The commission of
Cadet granted the undersigned March 11th, and remitted to Natchez, on account
of my absence was forwarded here. I accept it.
Am not able to go on
before Sept. for reasons I will explain to the superintendent on my arrival.
* Calhoun, John
Caldwell (1782-1850), an American statesman of the States-rights school, was
born of Scotch descent, in Abbeville district, S. C., March 18, 1872; was
graduated from Yale College in 1804; studied law in Litchfield, Conn., and in
an office in Charleston, S. C., and was admitted to the bar in 1807. He was a
member of the South Carolina general assembly 1808-1809 and of the national
House of Representatives from March 4, 1811, to March 3, 1817; was Secretary of
War from December 10, 1817, to March 3, 1825; was Vice President of the United
States from March 4, 1825, to December 28, 1832; U. S. Senator from December
12, 1832, to March 3, 1843, and from November 26, 1845, to March 31, 1850;
Secretary of State from April 1, 1844, to March 6, 1845. He died in Washington,
D. C., March 31, 1850. Calhoun was the author of the South Carolina doctrine of
nullification, which conceded to each State the right to nullify any United
States law which the State regarded as unconstitutional.

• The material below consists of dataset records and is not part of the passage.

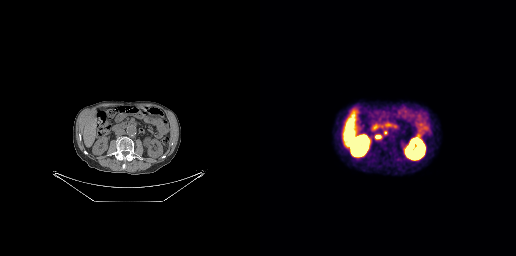
modality: PSMA PET/CT | tracer: 68Ga-PSMA | view: axial
Coordinates are on the 256×256 PET (right) panel. PSMA-avid tumor lesion bounding box (x, y, width, height): x=116 y=134 w=6 h=6.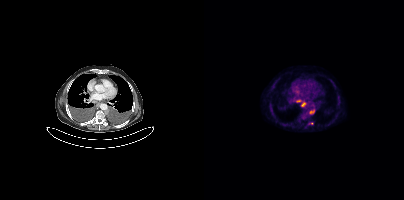
modality: PSMA PET/CT | tracer: 18F | view: axial | PET grid: 200×200
Coordinates are on the 200×200 PET (right) panel. (showing 3 of 4 foci) PSMA-avid tumor lesion bounding boxes (x0,y0,x1,y1): [105,110,108,114]; [97,103,101,106]. Small PSMA-avid focus (2 to 4 px across) near (center x, center y): (94, 100).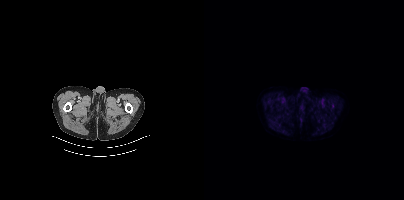
No tumor lesions annotated on this slice.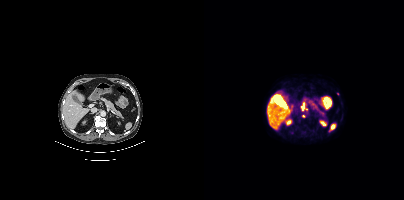
{"pet_grid":[200,200],"coord_frame":"pet_panel","coord_format":"x0,y0,x1,y1","partial":true,"lesion_bboxes":[],"small_foci_centers":[[98,107],[99,116]],"modality":"PSMA PET/CT","view":"axial","tracer":"18F"}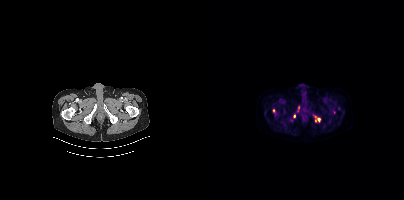
Coordinates are on the 200×200 PET (right) panel. (showing 4 of 5 foci) PSMA-avid tumor lesion bounding boxes (x0,y0,x1,y1): [109,115,116,122], [93,106,95,111]. Small PSMA-avid foci (2 to 4 px across) near (center x, center y): (69, 110), (90, 116).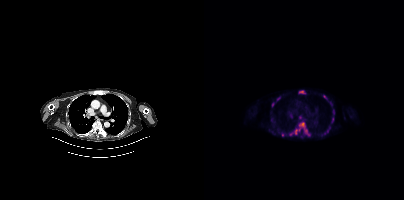
Paired axial CT (left) and PSMA PET (right), 18F tracer. Slice 304 of 415. PET panel 200×200 px (4.1 mm/px).
Coordinates are on the 200×200 PET (right) panel. PSMA-avid tumor lesion bounding boxes (partial; 3 more foci not listed):
| # | x0 | y0 | x1 | y1 |
|---|---|---|---|---|
| 1 | 95 | 122 | 106 | 136 |
| 2 | 85 | 128 | 96 | 135 |
| 3 | 77 | 132 | 80 | 136 |
| 4 | 68 | 102 | 70 | 106 |
| 5 | 95 | 91 | 99 | 92 |
Small PSMA-avid foci (2 to 4 px across) near (center x, center y): (74, 98); (96, 117); (120, 96); (121, 133); (129, 111); (68, 131).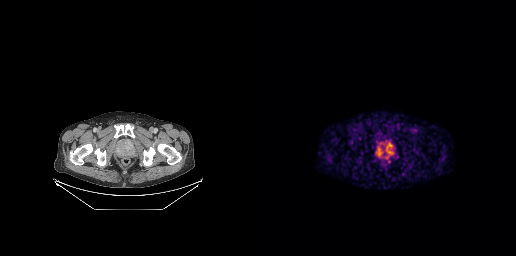
Coordinates are on the 256×256 PET (right) panel. PSMA-avid tumor lesion bounding box (x0, y0)-(x1, y1): (115, 140)-(134, 159).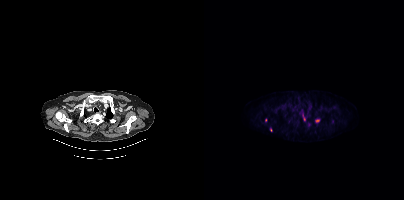
- Paired axial CT (left) and PSMA PET (right), [18F]PSMA-1007 tracer
- acquired on Siemens Biograph mCT Flow 20
- slice position z = -868 mm
- PET panel 200×200 px (4.1 mm/px)
Findings: Coordinates are on the 200×200 PET (right) panel. PSMA-avid tumor lesion bounding box (x0,y0,x1,y1): [111,119,115,122]. Small PSMA-avid foci (2 to 4 px across) near (center x, center y): (100, 119); (61, 120); (66, 130); (98, 114).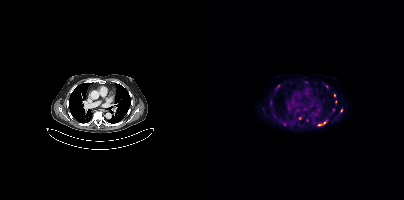
Technique: Two-panel axial: CT | PSMA PET, 18F-PSMA tracer.
Findings: Coordinates are on the 200×200 PET (right) panel. (showing 8 of 9 foci) PSMA-avid tumor lesion bounding box (x0, y0)-(x1, y1): (114, 121)-(122, 125). Small PSMA-avid foci (2 to 4 px across) near (center x, center y): (137, 110); (130, 95); (96, 117); (122, 86); (131, 101); (80, 124); (129, 109).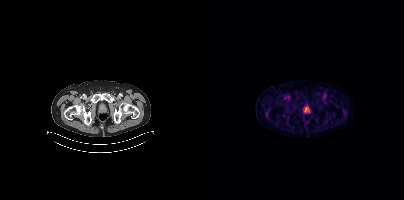
{"pet_grid":[200,200],"coord_frame":"pet_panel","coord_format":"x0,y0,x1,y1","lesion_bboxes":[],"small_foci_centers":[[102,109]],"modality":"PSMA PET/CT","view":"axial","tracer":"68Ga-PSMA"}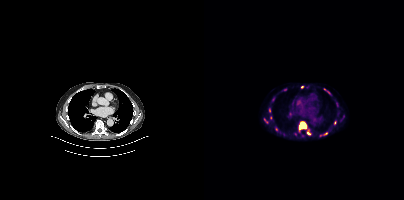
Coordinates are on the 200×200 PET (right) panel. (showing 8 of 10 foci) PSMA-avid tumor lesion bounding boxes (x, y, width, height): x=95 y=122 w=8 h=8 | x=120 y=88 w=6 h=6. Small PSMA-avid foci (2 to 4 px across) near (center x, center y): (121, 133) | (65, 110) | (61, 120) | (98, 86) | (130, 122) | (104, 133).
modality: PSMA PET/CT | tracer: 18F | view: axial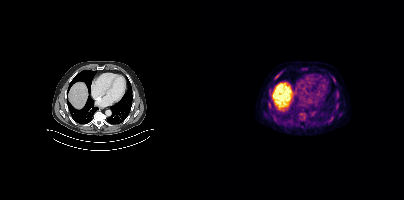
Coordinates are on the 200×200 PET (right) panel. (showing 6 of 7 foci) PSMA-avid tumor lesion bounding boxes (x, y, width, height): x=73 y=71 w=6 h=6 / x=128 y=77 w=4 h=5. Small PSMA-avid foci (2 to 4 px across) near (center x, center y): (65, 103) / (127, 117) / (71, 78) / (133, 105).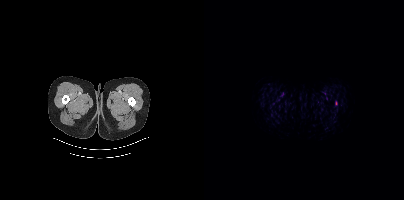
modality: PSMA PET/CT | tracer: 18F | view: axial
Coordinates are on the 200×200 PET (right) panel. Small PSMA-avid focus (2 to 4 px across) near (center x, center y): (132, 102).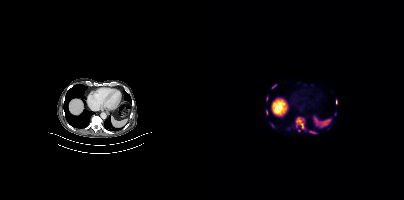
Findings: Coordinates are on the 200×200 PET (right) panel. PSMA-avid tumor lesion bounding boxes (x0,y0,x1,y1): [91,117,100,129] [106,131,112,133] [132,99,133,103]. Small PSMA-avid foci (2 to 4 px across) near (center x, center y): (68, 125) (63, 99) (62, 112) (94, 130) (70, 86).
- Left: CT. Right: PSMA PET, same axial level, [18F]PSMA-1007 tracer
- PET panel 200×200 px (4.1 mm/px)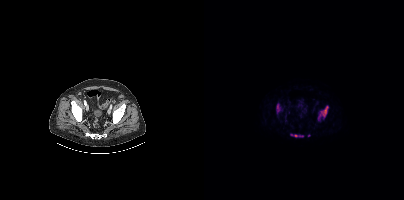
Technique: Two-panel axial: CT | PSMA PET, 18F tracer. PET panel 200×200 px (4.1 mm/px).
Findings: Coordinates are on the 200×200 PET (right) panel. PSMA-avid tumor lesion bounding boxes (x0, y0)-(x1, y1): (114, 105)-(124, 120) | (86, 134)-(99, 137) | (72, 103)-(76, 113). Small PSMA-avid focus (2 to 4 px across) near (center x, center y): (105, 135).
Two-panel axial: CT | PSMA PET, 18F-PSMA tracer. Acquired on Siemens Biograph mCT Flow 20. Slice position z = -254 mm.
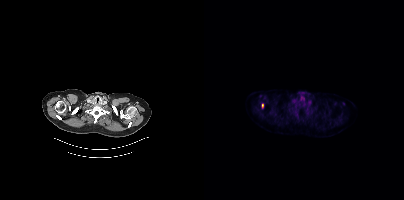
Coordinates are on the 200×200 PET (right) panel. Small PSMA-avid focus (2 to 4 px across) near (center x, center y): (58, 105).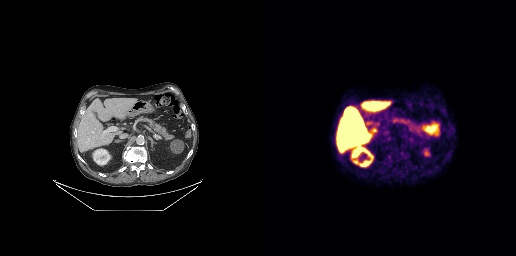
Paired axial CT (left) and PSMA PET (right), [18F]PSMA-1007 tracer. Slice 169 of 299. PET panel 256×256 px (2.7 mm/px). Negative for PSMA-avid disease on this slice.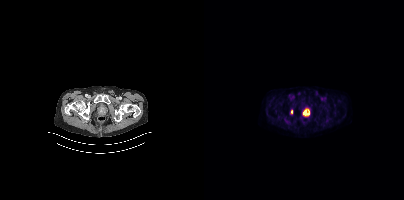
{"modality":"PSMA PET/CT","view":"axial","tracer":"[18F]PSMA-1007","pet_grid":[200,200],"coord_frame":"pet_panel","coord_format":"x0,y0,x1,y1","lesion_bboxes":[[99,109,105,116]],"small_foci_centers":[[87,111]]}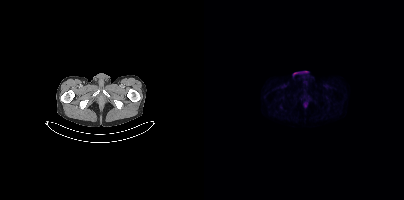
Technique: Two-panel axial: CT | PSMA PET, 18F-PSMA tracer. acquired on Siemens Biograph mCT Flow 20. slice 42 of 448.
Findings: No PSMA-avid tumor lesions on this slice.
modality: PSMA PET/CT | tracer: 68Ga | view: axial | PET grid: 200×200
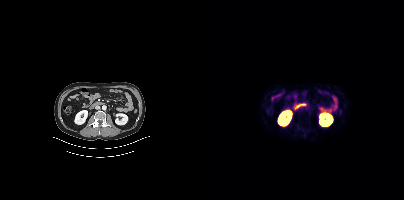
Negative for PSMA-avid disease on this slice.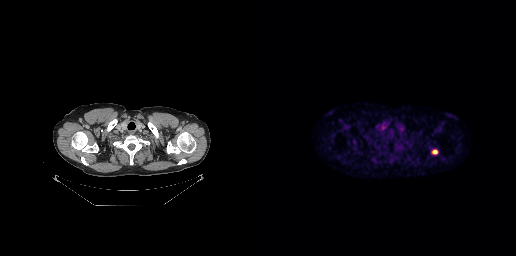
Paired axial CT (left) and PSMA PET (right), [18F]PSMA-1007 tracer. Slice position z = -181 mm. PET panel 256×256 px (2.7 mm/px).
Coordinates are on the 256×256 PET (right) panel. PSMA-avid tumor lesion bounding boxes:
| # | x0 | y0 | x1 | y1 |
|---|---|---|---|---|
| 1 | 172 | 150 | 177 | 153 |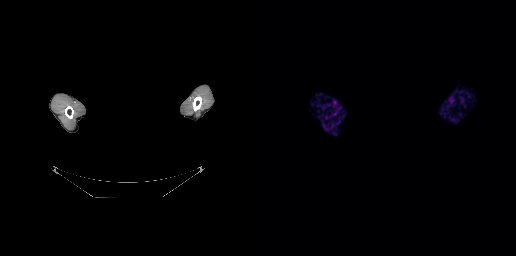
Any black rectangle over the head is a privacy mask, not anatomy.
This slice has no annotated PSMA-avid lesion.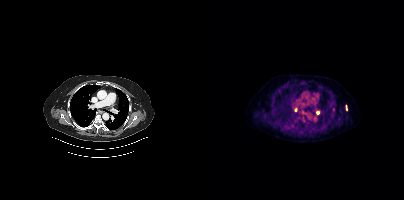
Coordinates are on the 200×200 PET (right) panel. (showing 2 of 3 foci) Small PSMA-avid foci (2 to 4 px across) near (center x, center y): (113, 112), (91, 109).
modality: PSMA PET/CT | tracer: 18F-PSMA | view: axial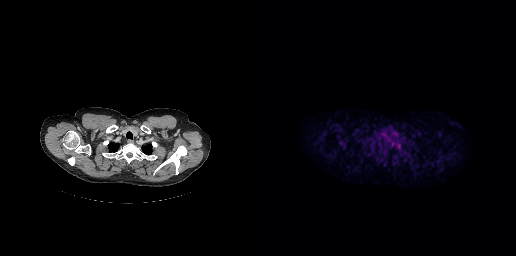
Two-panel axial: CT | PSMA PET, 18F-PSMA tracer. This slice has no annotated PSMA-avid lesion.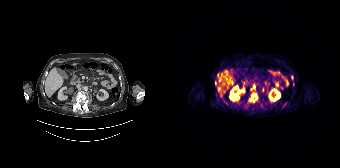
{"modality":"PSMA PET/CT","view":"axial","tracer":"68Ga-PSMA","pet_grid":[168,168],"coord_frame":"pet_panel","coord_format":"x0,y0,x1,y1","partial":true,"lesion_bboxes":[[77,93,85,101]],"small_foci_centers":[[43,82],[89,105],[81,86],[54,103]]}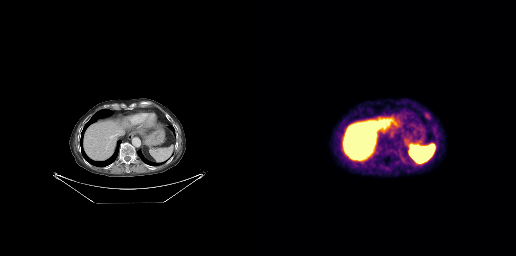
Technique: Two-panel axial: CT | PSMA PET, 18F-PSMA tracer. acquired on GE Discovery 690.
Findings: Coordinates are on the 256×256 PET (right) panel. PSMA-avid tumor lesion bounding box (x0,y0,x1,y1): [165,114,169,118].
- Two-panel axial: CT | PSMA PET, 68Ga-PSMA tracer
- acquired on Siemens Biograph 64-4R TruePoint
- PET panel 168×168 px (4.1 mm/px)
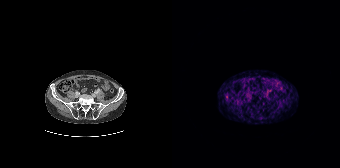
Findings: Negative for PSMA-avid disease on this slice.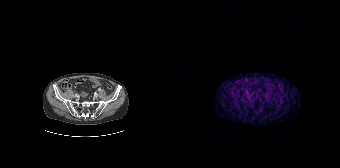
No PSMA-avid tumor lesions on this slice.
modality: PSMA PET/CT | tracer: 68Ga-PSMA | view: axial | PET grid: 168×168
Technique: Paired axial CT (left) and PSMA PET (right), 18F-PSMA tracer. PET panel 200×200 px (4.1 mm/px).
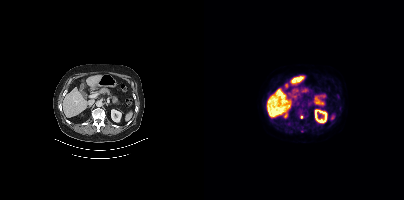
Findings: Coordinates are on the 200×200 PET (right) panel. (showing 3 of 4 foci) PSMA-avid tumor lesion bounding boxes (x0, y0)-(x1, y1): (92, 109)-(102, 118) / (84, 121)-(88, 126). Small PSMA-avid focus (2 to 4 px across) near (center x, center y): (134, 96).
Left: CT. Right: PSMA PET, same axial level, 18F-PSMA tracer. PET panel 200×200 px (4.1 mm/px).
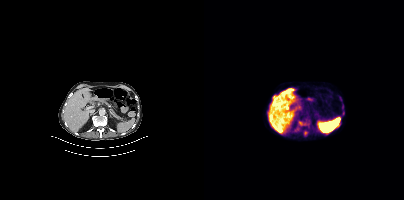
Coordinates are on the 200×200 PET (right) panel. Small PSMA-avid foci (2 to 4 px across) near (center x, center y): (96, 123) (101, 133).
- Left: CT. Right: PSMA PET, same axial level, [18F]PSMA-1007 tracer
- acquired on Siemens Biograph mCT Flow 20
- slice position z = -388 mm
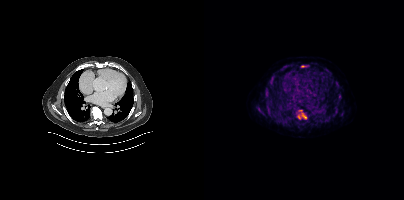
Findings: Coordinates are on the 200×200 PET (right) panel. PSMA-avid tumor lesion bounding boxes (x0, y0)-(x1, y1): (94, 110)-(101, 116); (62, 103)-(66, 108); (65, 113)-(69, 117); (68, 73)-(72, 77); (128, 113)-(132, 116); (97, 65)-(101, 67); (133, 99)-(136, 103). Small PSMA-avid foci (2 to 4 px across) near (center x, center y): (132, 82); (63, 89); (120, 68); (138, 114); (62, 98); (102, 118).
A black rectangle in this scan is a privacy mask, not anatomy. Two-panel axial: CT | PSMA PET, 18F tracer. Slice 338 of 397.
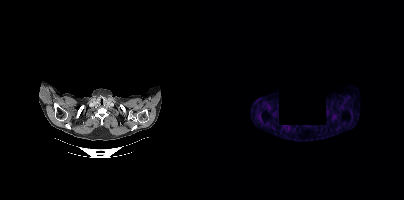
No tumor lesions annotated on this slice.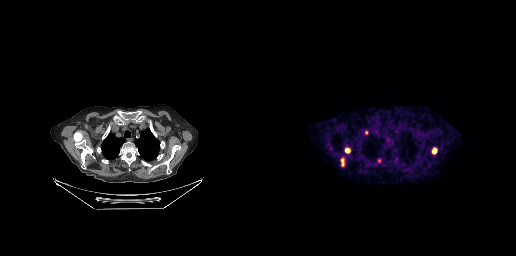
Findings: Coordinates are on the 256×256 PET (right) panel. (showing 4 of 5 foci) PSMA-avid tumor lesion bounding boxes (x0, y0)-(x1, y1): (85, 148)-(90, 153) / (81, 158)-(84, 166) / (105, 130)-(108, 134). Small PSMA-avid focus (2 to 4 px across) near (center x, center y): (175, 148).
- Two-panel axial: CT | PSMA PET, 18F tracer
- acquired on GE Discovery 690
- slice position z = -144 mm
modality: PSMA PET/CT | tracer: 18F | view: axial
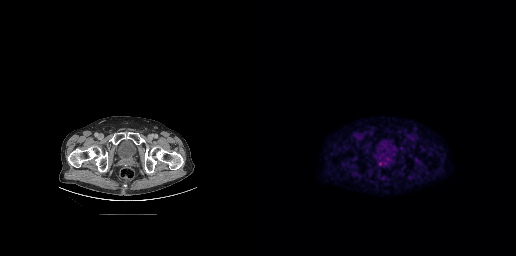
Coordinates are on the 256×256 PET (right) panel. Small PSMA-avid focus (2 to 4 px across) near (center x, center y): (120, 164).
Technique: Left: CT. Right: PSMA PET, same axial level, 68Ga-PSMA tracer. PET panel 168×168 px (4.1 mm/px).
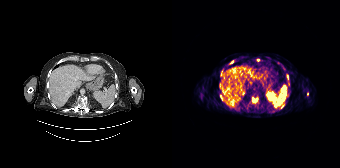
Findings: Coordinates are on the 168×168 PET (right) panel. PSMA-avid tumor lesion bounding boxes (x, y, width, height): x=80 y=98 w=6 h=5 / x=48 y=96 w=4 h=5 / x=115 y=75 w=2 h=5. Small PSMA-avid foci (2 to 4 px across) near (center x, center y): (60, 61) / (135, 94) / (85, 59) / (109, 107).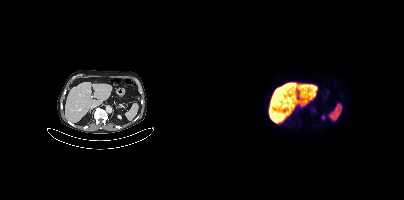
- Left: CT. Right: PSMA PET, same axial level, 18F-PSMA tracer
- slice position z = -712 mm
Findings: No PSMA-avid tumor lesions on this slice.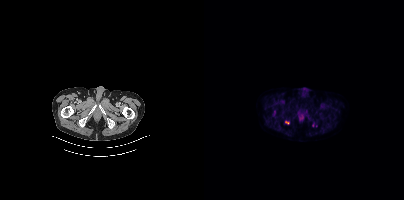
- Two-panel axial: CT | PSMA PET, 18F tracer
Findings: Only PSMA-avid lesion pieces thinner than 2 px on this slice (not listed).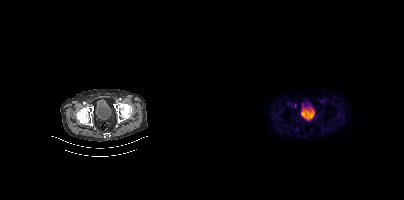
{"modality":"PSMA PET/CT","view":"axial","tracer":"[18F]PSMA-1007","pet_grid":[200,200],"coord_frame":"pet_panel","coord_format":"x0,y0,x1,y1","lesion_bboxes":[],"small_foci_centers":[[91,105]]}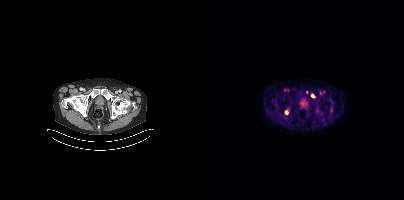
Technique: Paired axial CT (left) and PSMA PET (right), 18F tracer. acquired on Siemens Biograph mCT Flow 20. PET panel 200×200 px (4.1 mm/px).
Findings: Coordinates are on the 200×200 PET (right) panel. (showing 2 of 3 foci) Small PSMA-avid foci (2 to 4 px across) near (center x, center y): (108, 95) / (82, 112).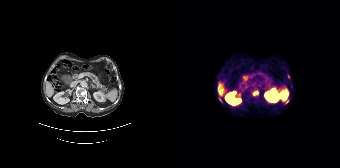
modality: PSMA PET/CT | tracer: 68Ga | view: axial | PET grid: 168×168
Coordinates are on the 168×168 PET (right) panel. (showing 3 of 4 foci) PSMA-avid tumor lesion bounding box (x0,y0,x1,y1): [81,91,86,95]. Small PSMA-avid foci (2 to 4 px across) near (center x, center y): (114, 102); (48, 99).
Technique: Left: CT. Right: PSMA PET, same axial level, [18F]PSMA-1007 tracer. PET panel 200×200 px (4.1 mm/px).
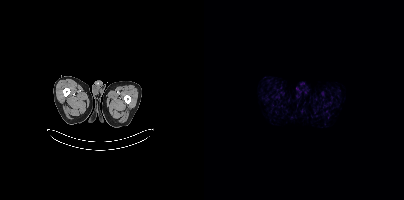
Findings: No PSMA-avid tumor lesions on this slice.
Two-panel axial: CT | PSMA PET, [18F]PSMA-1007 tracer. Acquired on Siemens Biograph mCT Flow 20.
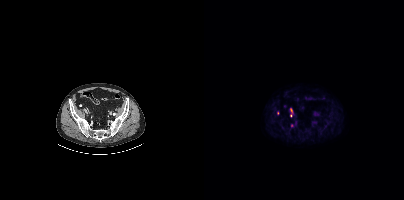
Coordinates are on the 200×200 PET (right) panel. (showing 3 of 4 foci) PSMA-avid tumor lesion bounding box (x0, y0)-(x1, y1): (86, 108)-(88, 112). Small PSMA-avid foci (2 to 4 px across) near (center x, center y): (86, 115); (87, 125).
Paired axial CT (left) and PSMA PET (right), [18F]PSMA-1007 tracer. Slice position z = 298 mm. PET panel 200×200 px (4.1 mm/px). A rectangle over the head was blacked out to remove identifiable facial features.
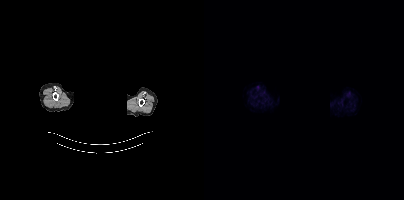
Negative for PSMA-avid disease on this slice.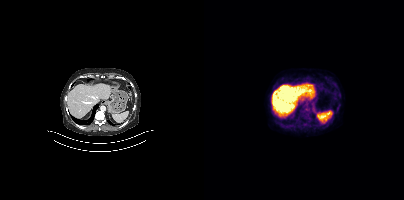
Negative for PSMA-avid disease on this slice. Left: CT. Right: PSMA PET, same axial level, 18F-PSMA tracer. Slice 204 of 356. PET panel 200×200 px (4.1 mm/px).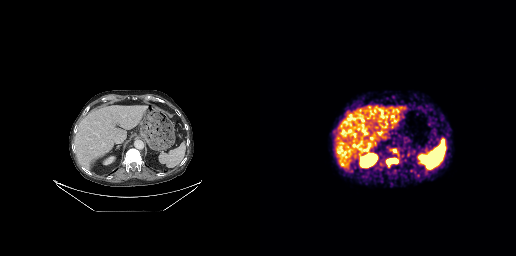
Coordinates are on the 256×256 PET (right) panel. PSMA-avid tumor lesion bounding boxes:
| # | x0 | y0 | x1 | y1 |
|---|---|---|---|---|
| 1 | 127 | 158 | 137 | 166 |
| 2 | 130 | 148 | 138 | 155 |
Small PSMA-avid focus (2 to 4 px across) near (center x, center y): (120, 163).
Two-panel axial: CT | PSMA PET, 68Ga tracer. Slice position z = -398 mm. PET panel 256×256 px (2.7 mm/px).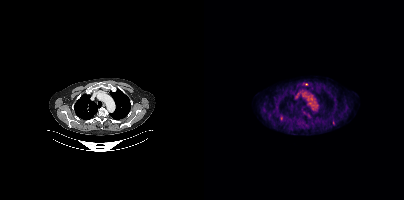
modality: PSMA PET/CT | tracer: [18F]PSMA-1007 | view: axial | PET grid: 200×200
Coordinates are on the 200×200 PET (right) panel. PSMA-avid tumor lesion bounding box (x0, y0)-(x1, y1): (76, 115)-(78, 120). Small PSMA-avid foci (2 to 4 px across) near (center x, center y): (129, 122) / (102, 84).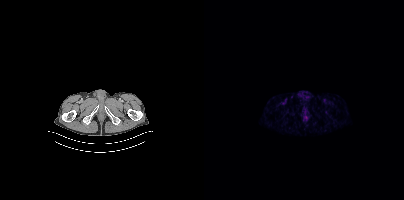
modality: PSMA PET/CT | tracer: 18F | view: axial | PET grid: 200×200
No PSMA-avid tumor lesions on this slice.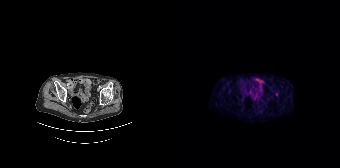
Coordinates are on the 168×168 PET (right) panel. Small PSMA-avid focus (2 to 4 px across) near (center x, center y): (104, 94).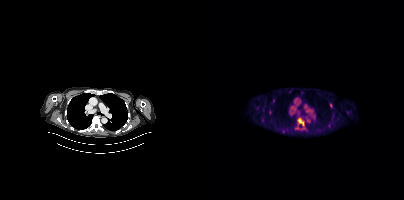
Technique: Paired axial CT (left) and PSMA PET (right), [18F]PSMA-1007 tracer. slice 287 of 421. PET panel 200×200 px (4.1 mm/px).
Findings: Coordinates are on the 200×200 PET (right) panel. PSMA-avid tumor lesion bounding box (x0,y0,x1,y1): [94,118,100,126]. Small PSMA-avid foci (2 to 4 px across) near (center x, center y): (126, 105) (98, 128).

He proposed to check
the anti-slavery movement by preventing Northern commerce from entering
Southern ports and preferred a dissolution of the Union to a submission to the
will of the North with regard to slavery. Consult John C. Calhoun, by Gaillard
Hunt, 1 Vol., 335 pp., Philadelphia, 1908, and W. M. Meigs, Life of John C.
Calhoun, 2 vols., 934 Pp., New York, 1917.